DIRECTIONS FOR THIS TASK —
Please return the records below exactly as they appear, leaving every picture out.

DATASET EXTRACT —
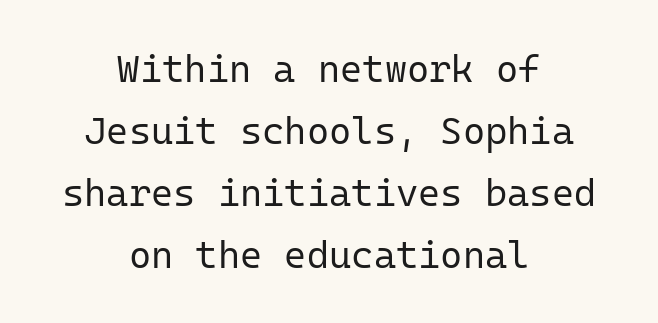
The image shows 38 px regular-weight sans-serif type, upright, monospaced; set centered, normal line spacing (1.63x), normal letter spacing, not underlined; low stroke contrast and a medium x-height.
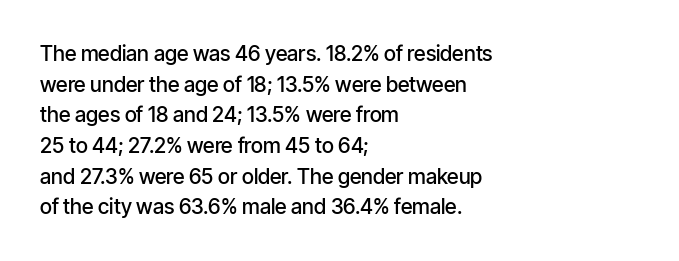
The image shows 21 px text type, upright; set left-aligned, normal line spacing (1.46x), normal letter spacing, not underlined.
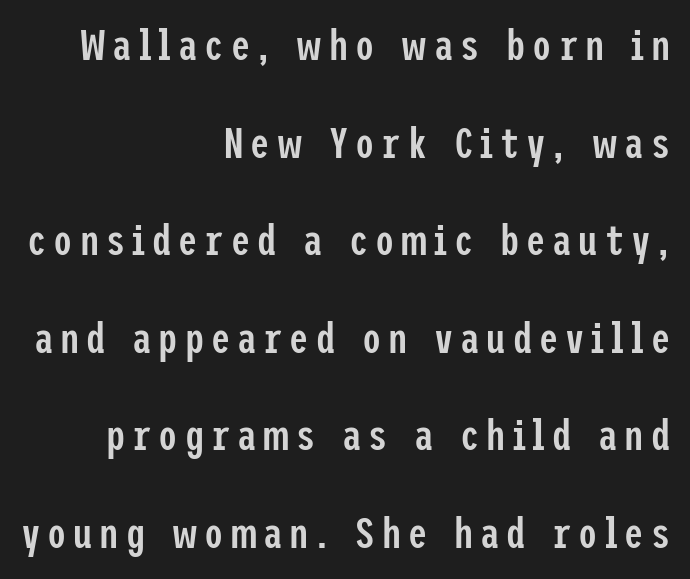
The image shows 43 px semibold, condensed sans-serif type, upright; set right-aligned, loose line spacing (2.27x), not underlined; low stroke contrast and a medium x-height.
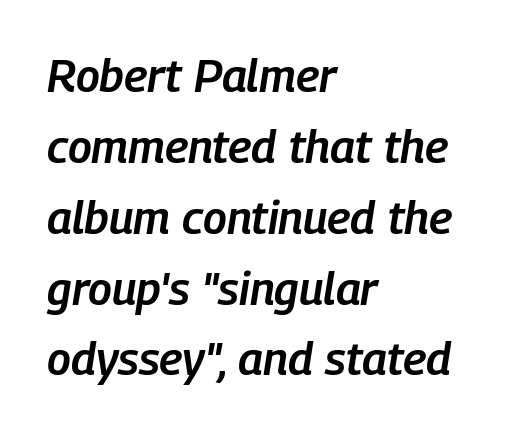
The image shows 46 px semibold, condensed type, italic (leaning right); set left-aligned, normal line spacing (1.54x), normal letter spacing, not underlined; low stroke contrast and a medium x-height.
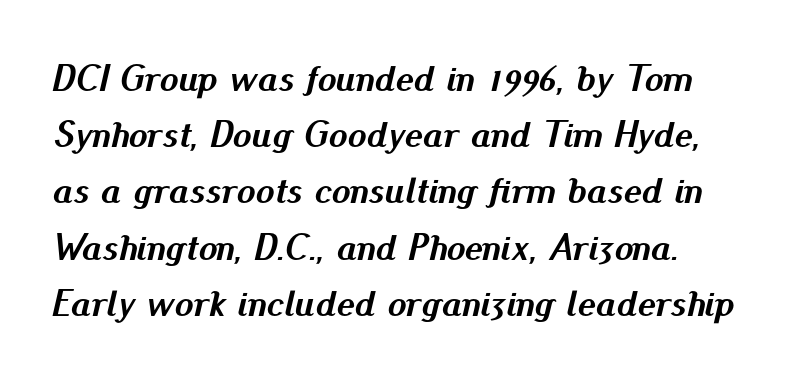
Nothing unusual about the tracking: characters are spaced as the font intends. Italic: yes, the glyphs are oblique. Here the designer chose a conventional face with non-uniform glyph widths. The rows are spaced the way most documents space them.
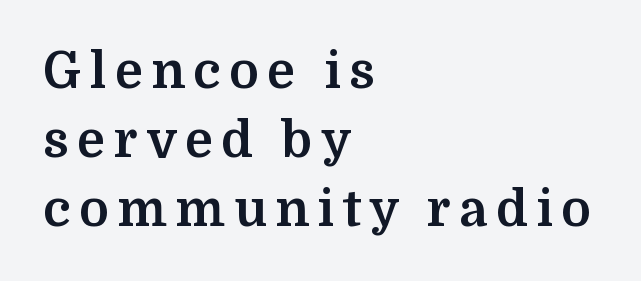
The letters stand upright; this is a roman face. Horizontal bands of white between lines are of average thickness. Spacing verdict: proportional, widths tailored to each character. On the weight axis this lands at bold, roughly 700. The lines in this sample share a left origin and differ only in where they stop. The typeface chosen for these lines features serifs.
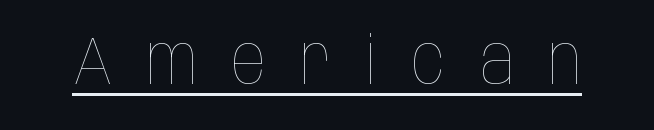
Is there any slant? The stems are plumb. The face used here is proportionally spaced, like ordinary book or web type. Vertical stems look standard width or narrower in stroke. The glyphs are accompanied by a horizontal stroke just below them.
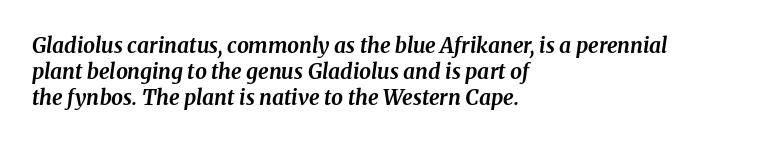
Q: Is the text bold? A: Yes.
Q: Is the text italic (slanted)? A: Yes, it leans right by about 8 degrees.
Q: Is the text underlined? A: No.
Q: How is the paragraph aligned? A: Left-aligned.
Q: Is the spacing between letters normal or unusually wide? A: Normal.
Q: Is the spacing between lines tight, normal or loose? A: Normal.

RESPONSE —
The image shows 38 px regular-weight sans-serif type, upright, monospaced; set centered, normal line spacing (1.63x), normal letter spacing, not underlined; low stroke contrast and a medium x-height.
The image shows 21 px text type, upright; set left-aligned, normal line spacing (1.46x), normal letter spacing, not underlined.
The image shows 43 px semibold, condensed sans-serif type, upright; set right-aligned, loose line spacing (2.27x), not underlined; low stroke contrast and a medium x-height.
The image shows 46 px semibold, condensed type, italic (leaning right); set left-aligned, normal line spacing (1.54x), normal letter spacing, not underlined; low stroke contrast and a medium x-height.
Nothing unusual about the tracking: characters are spaced as the font intends. Italic: yes, the glyphs are oblique. Here the designer chose a conventional face with non-uniform glyph widths. The rows are spaced the way most documents space them.
The letters stand upright; this is a roman face. Horizontal bands of white between lines are of average thickness. Spacing verdict: proportional, widths tailored to each character. On the weight axis this lands at bold, roughly 700. The lines in this sample share a left origin and differ only in where they stop. The typeface chosen for these lines features serifs.
Is there any slant? The stems are plumb. The face used here is proportionally spaced, like ordinary book or web type. Vertical stems look standard width or narrower in stroke. The glyphs are accompanied by a horizontal stroke just below them.
Q: Is the text bold? A: Yes.
Q: Is the text italic (slanted)? A: Yes, it leans right by about 8 degrees.
Q: Is the text underlined? A: No.
Q: How is the paragraph aligned? A: Left-aligned.
Q: Is the spacing between letters normal or unusually wide? A: Normal.
Q: Is the spacing between lines tight, normal or loose? A: Normal.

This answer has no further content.